Posts tagged: debts

The Basics of Debt Management Plans

debt stress reliefDebt management plans are usually offered as a part of a debt consolidation solution to your various debt problems. According to doylesalewski.ca it is a great way for you to seize control of your own finances and eliminate any unsecured debts you may have at the same time. Remember that unsecured debts are those that aren’t covered by a collateral asset such as a house or car. Typical unsecured debts include credit cards and student loan payments.

How it Works for You

When you sign up for a debt management plan, you are required to make a deposit every month to the company you signed up with. This deposit is used by the advisors at the company to pay off each of your multiple debts in a schedule that has been negotiated and agreed upon with the people you owe money to.
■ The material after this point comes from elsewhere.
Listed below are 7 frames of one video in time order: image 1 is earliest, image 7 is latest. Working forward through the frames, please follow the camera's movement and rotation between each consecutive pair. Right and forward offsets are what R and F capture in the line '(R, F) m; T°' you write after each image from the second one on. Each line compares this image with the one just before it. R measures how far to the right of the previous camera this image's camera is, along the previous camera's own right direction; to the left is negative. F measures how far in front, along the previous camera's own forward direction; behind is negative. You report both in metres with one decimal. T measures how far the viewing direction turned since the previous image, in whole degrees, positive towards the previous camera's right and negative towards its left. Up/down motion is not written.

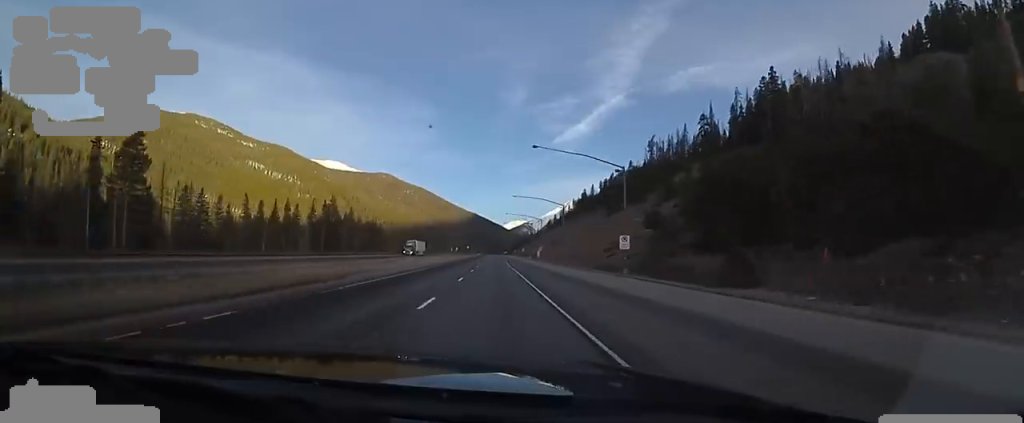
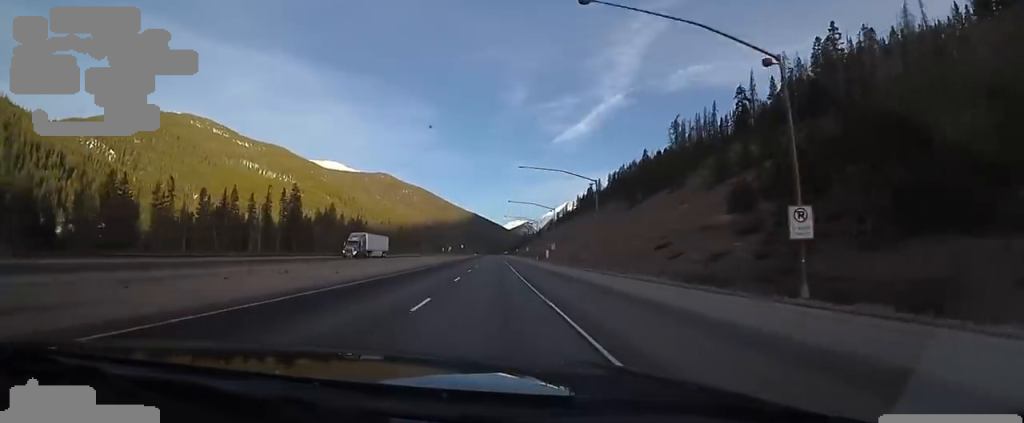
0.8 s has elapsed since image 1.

This monthly deposit you make is one that is determined by how much you can afford to pay each month while living frugally. You are informed of the amount you will pay before actually signing any agreements. You can have the monthly payment amount suggested to you by letting the debt management company analyze your income and expenses.

The Benefits of Using Debt Management Plans

These plans are made for a single reason – to keep your organized. This is the main advantage of such a program. It doesn’t reduce how much you owe, of course, but makes it far easier to pay off the debts because you make them on time. You can also finally make a budget for yourself that has a set goal and is realistic, without overdoing your spending on debt payments. These regular payments you make to pay off your debts also serve to improve the look of your credit score as time goes by, meaning that your creditors will no longer need to call you every two days to remind you about your outstanding payments.

Choose the Right Counseling Company

There are many credit counseling companies out there that are willing to help you manage your debt with a debt management plan. Most of these claim to be non-profit, while others will charge you for their services. You should always try to find a company that has trained, qualified and certified counselors working for them. Agencies like the Consumer Protection Agency, the Better Business Bureau, and the local DA office can help you identify companies that have a good reputation without any complaints or a history of bad service.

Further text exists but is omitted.